As a female veteran, I am all for making women register for the draft. However, the Senator is right; amendments like these dirty up the NDAA and should be reviewed as a stand-alone bill.

A Small Win, Significant Losses

The GOP might get the COVID vaccine mandate dropped from the NDAA. Chairman of the House Armed Services Committee Adam Smith (D-WA) hinted at a possible compromise on this point, stating:

“…at this point in time, does it make sense to have that policy from August 2021? That is a discussion that I am open to and that we’re having.”

Representative McCarthy claims he will “secure lifting” the vaccine mandate or “the bill will not move.” We shall have to see if he can make good on this promise. 
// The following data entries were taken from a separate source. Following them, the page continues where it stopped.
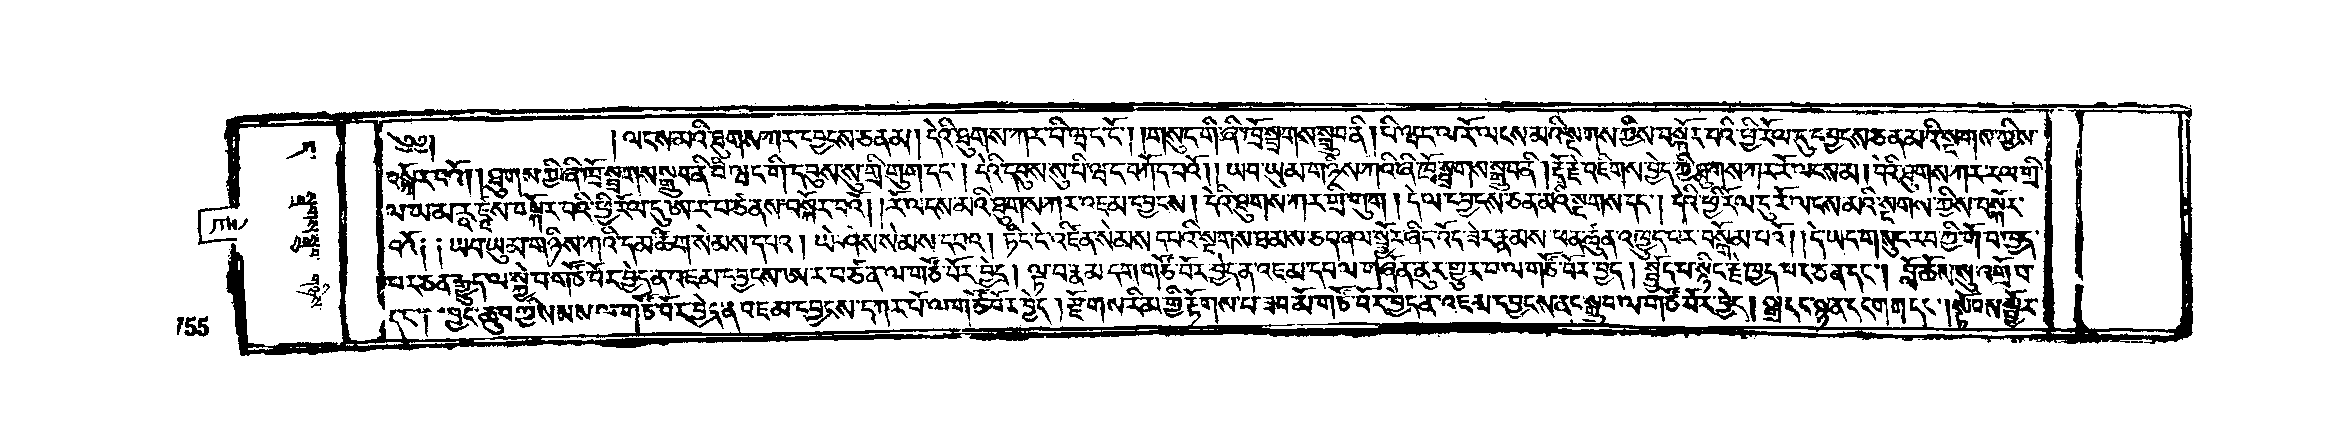༄༅། །ལངས་མའི་ཐུགས་ཀར་དབྱངས་ཅན་མ། དེའི་ཐུགས་ཀར་པི་ཝང་ངོ། །གསུང་གི་ཞི་ཁྲོ་སྦྲགས་སྒྲུབ་ནི། པི་ཝང་ལ་རོ་ལངས་མའི་སྔགས་ཀྱིས་བསྐོར་བའི་ཕྱི་རོལ་དུ་དབྱངས་ཅན་མའི་སྔགས་ཀྱིས་
བསྐོར་བའོ། །ཐུགས་ཀྱི་ཞི་ཁྲོ་སྦྲགས་སྒྲུབ་ནི་པི་ཝང་གི་དབུས་སུ་གྲི་གུག་དང་། དེའི་དབུས་སུ་པི་ཝང་བཀོད་པའོ། །ཡབ་ཡུམ་གཉིས་ཀའི་ཞི་ཁྲོ་སྦྲགས་སྒྲུབ་ནི། རྡོ་རྗེ་འཇིགས་བྱེད་ཀྱི་ཐུགས་ཀར་རོ་ལངས་མ། དེའི་ཐུགས་ཀར་རལ་གྲི་
ལ་ཡ་མ་རཱ་ཛཱས་བསྐོར་བའི་ཕྱི་རོལ་དུ་ཨ་ར་པ་ཙ་ནས་བསྐོར་བའོ། །རོ་ལངས་མའི་ཐུགས་ཀར་འཇམ་དབྱངས། དེའི་ཐུགས་ཀར་གྲི་གུག །དེ་ལ་དབྱངས་ཅན་མའི་སྔགས་དང་། དེའི་ཕྱི་རོལ་དུ་རོ་ལངས་མའི་སྔགས་ཀྱིས་བསྐོར་
བའོ། །ཡབ་ཡུམ་གཉིས་ཀའི་དམ་ཚིག་སེམས་དཔའ། ཡེ་ཤེས་སེམས་དཔའ། ཏིང་ངེ་འཛིན་སེམས་དཔའི་སྔགས་ཐམས་ཅད་ཞལ་སྦྱོར་ཞིང་འོད་ཟེར་རྣམས་ཕན་ཚུན་འཁྱུད་པར་བསྒོམ་པའོ། །དེ་ཡང་གསུང་རབ་ཀྱི་གོ་བ་ཁྱད་
པར་ཅན་རྒྱུད་ལ་སྐྱེ་བ་གཙོ་བོར་བྱེད་ན་འཇམ་དབྱངས་ཨ་ར་པ་ཙ་ན་ལ་གཙོ་བོར་བྱེད། ལྟ་བ་རྣམ་དག་གཙོ་བོར་བྱེད་ན་འཇམ་དཔལ་གཞོན་ནུར་གྱུར་བ་ལ་གཙོ་བོར་བྱེད། སྤྱོད་པ་སྙིང་རྗེ་ཁྱད་པར་ཅན་དང་། བློ་ཆོས་སུ་འགྲོ་བ་
དང་། བྱང་ཆུབ་ཀྱི་སེམས་ལ་གཙོ་བོར་བྱེད་ན་འཇམ་དབྱངས་དཀར་པོ་ལ་གཙོ་བོར་བྱེད། རྫོགས་རིམ་གྱི་རྟོགས་པ་ཟབ་མོ་གཙོ་བོར་བྱེད་ན་འཇམ་དབྱངས་ནང་སྒྲུབ་ལ་གཙོ་བོར་བྱེད། སྒྲ་དང་སྙན་ང་དགག་དང་། སྟོབས་སྦྱོར་

Meanwhile, the NDAA, roughly $840 billion, calls for a 4.6% pay raise for military members.

It sounds like a great deal until you compare that to the current inflation rate of 7.7%. So food stamps are still in the future for America’s finest.

It’s hard to argue that not passing the NDAA hurts the military when passing the NDAA hardly helps the military.

But I suppose it’s good that transgender women have to sign up for the draft, the Navy is learning about proper pronoun usage, and cadets are learning about white privilege. 

We’ll worry about paying our service members fair wages, modernizing our weapons procurement process, and making military enlistment appealing to young Americans later.